* _EXERCISE INSTRUCTIONS_
Each entry should be returned exactly as written, with no pictures carried over.

* _RECORDS SHOWN_
----------

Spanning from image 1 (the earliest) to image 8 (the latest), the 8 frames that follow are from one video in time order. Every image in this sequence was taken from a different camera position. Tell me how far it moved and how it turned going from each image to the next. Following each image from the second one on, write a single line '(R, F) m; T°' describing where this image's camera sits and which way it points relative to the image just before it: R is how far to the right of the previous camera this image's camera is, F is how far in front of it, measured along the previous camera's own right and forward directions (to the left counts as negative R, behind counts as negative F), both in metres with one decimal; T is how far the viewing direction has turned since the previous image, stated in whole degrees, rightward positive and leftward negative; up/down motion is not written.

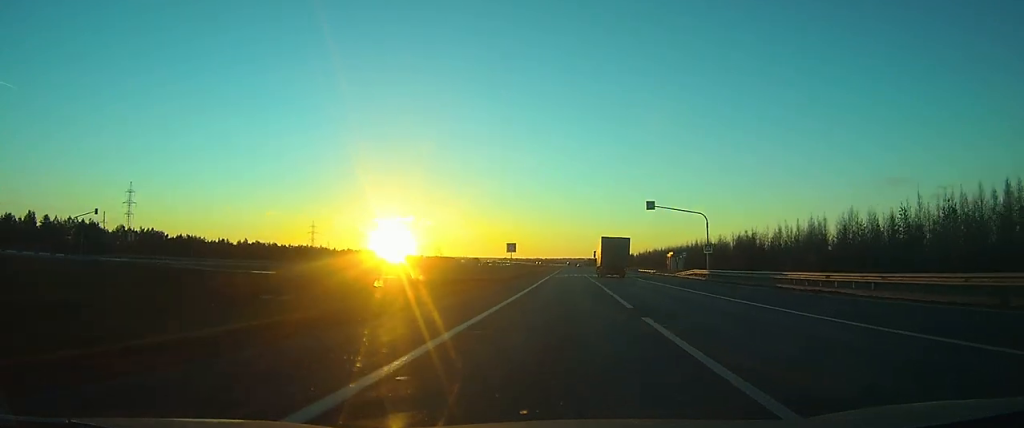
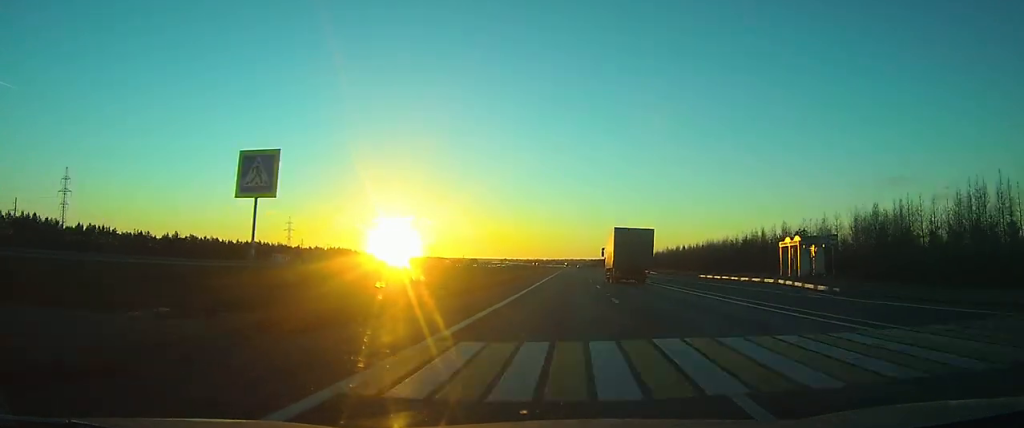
(-0.2, +58.9) m; 0°
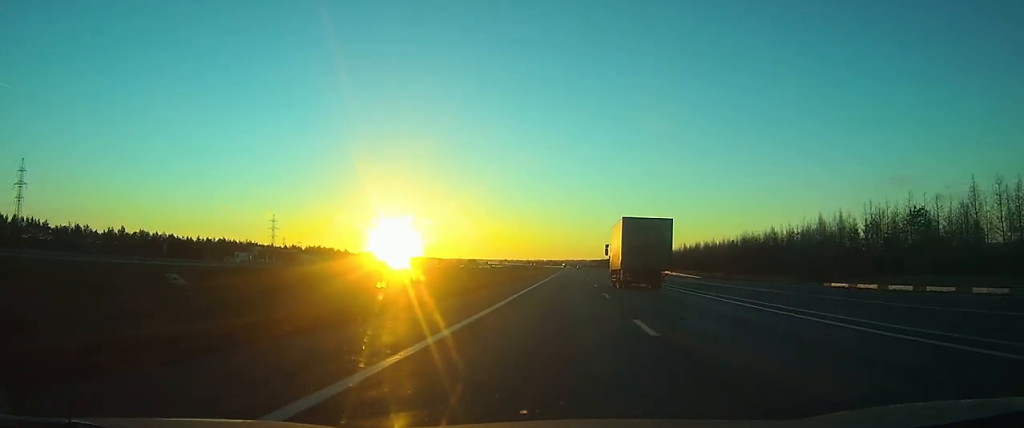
(-0.1, +32.6) m; 0°
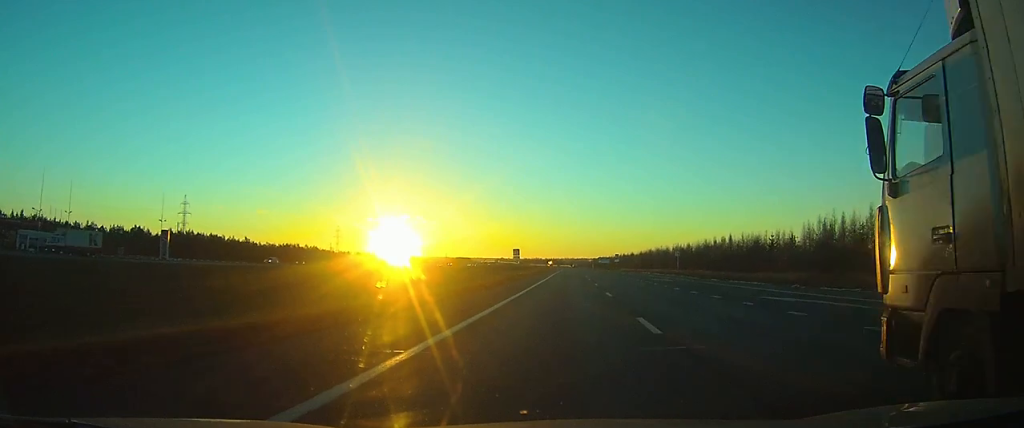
(+0.4, +126.7) m; 0°
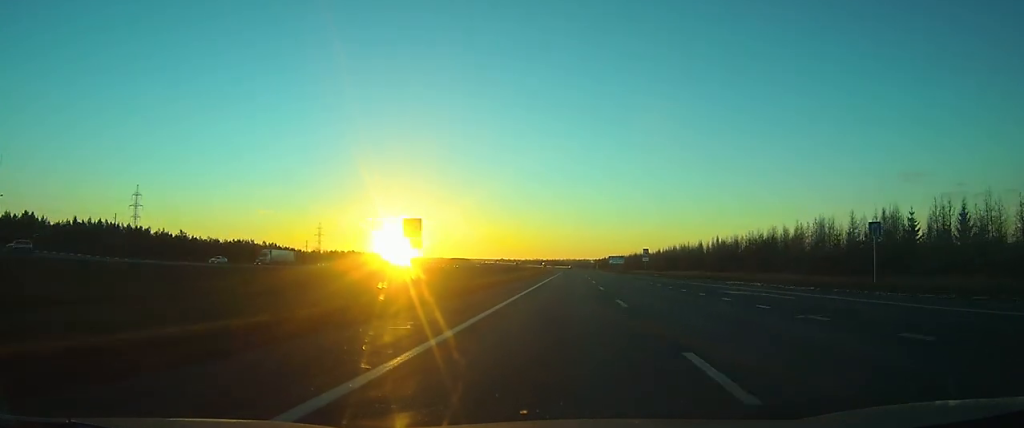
(+0.1, +54.8) m; 0°
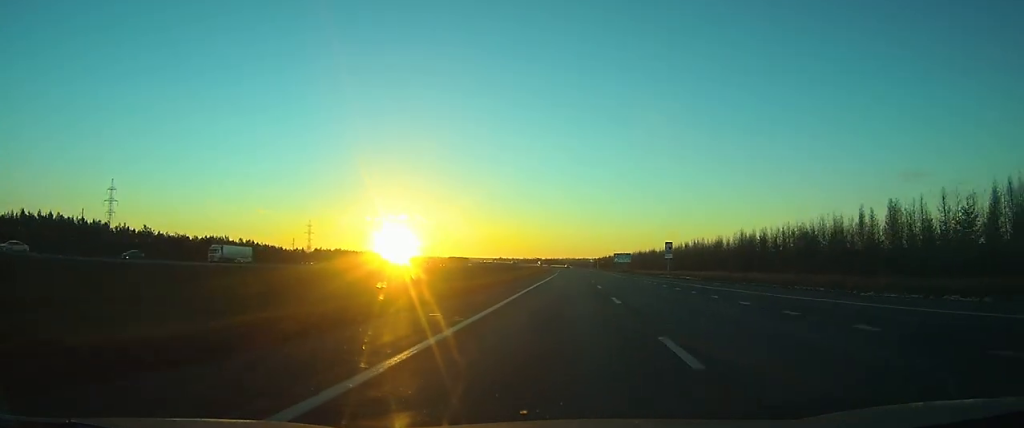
(-0.1, +23.0) m; 0°
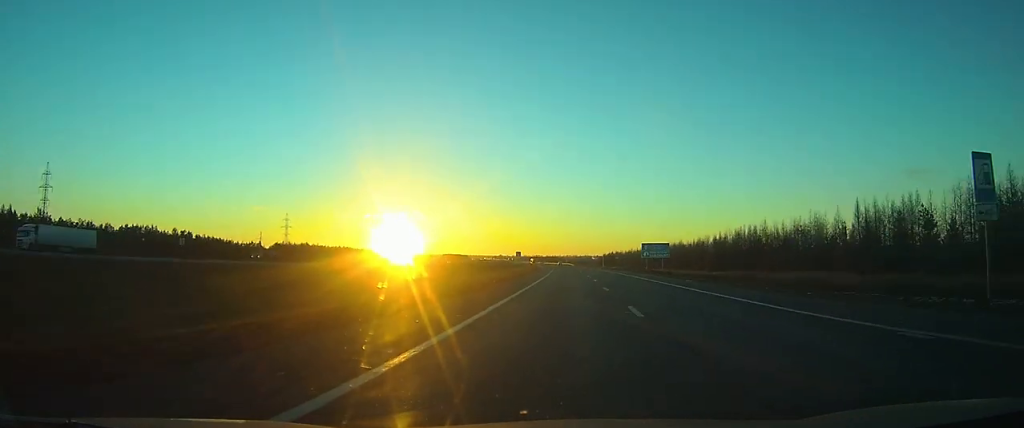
(-0.2, +53.9) m; 0°
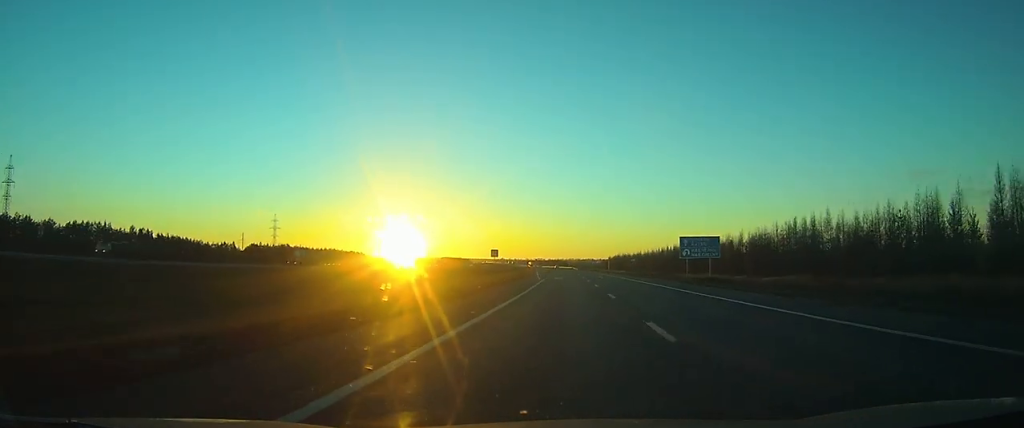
(0.0, +27.3) m; 0°

----------

* _RESPONSE_
Spanning from image 1 (the earliest) to image 8 (the latest), the 8 frames that follow are from one video in time order. Every image in this sequence was taken from a different camera position. Tell me how far it moved and how it turned going from each image to the next. Following each image from the second one on, write a single line '(R, F) m; T°' describing where this image's camera sits and which way it points relative to the image just before it: R is how far to the right of the previous camera this image's camera is, F is how far in front of it, measured along the previous camera's own right and forward directions (to the left counts as negative R, behind counts as negative F), both in metres with one decimal; T is how far the viewing direction has turned since the previous image, stated in whole degrees, rightward positive and leftward negative; up/down motion is not written.

(-0.2, +58.9) m; 0°
(-0.1, +32.6) m; 0°
(+0.4, +126.7) m; 0°
(+0.1, +54.8) m; 0°
(-0.1, +23.0) m; 0°
(-0.2, +53.9) m; 0°
(0.0, +27.3) m; 0°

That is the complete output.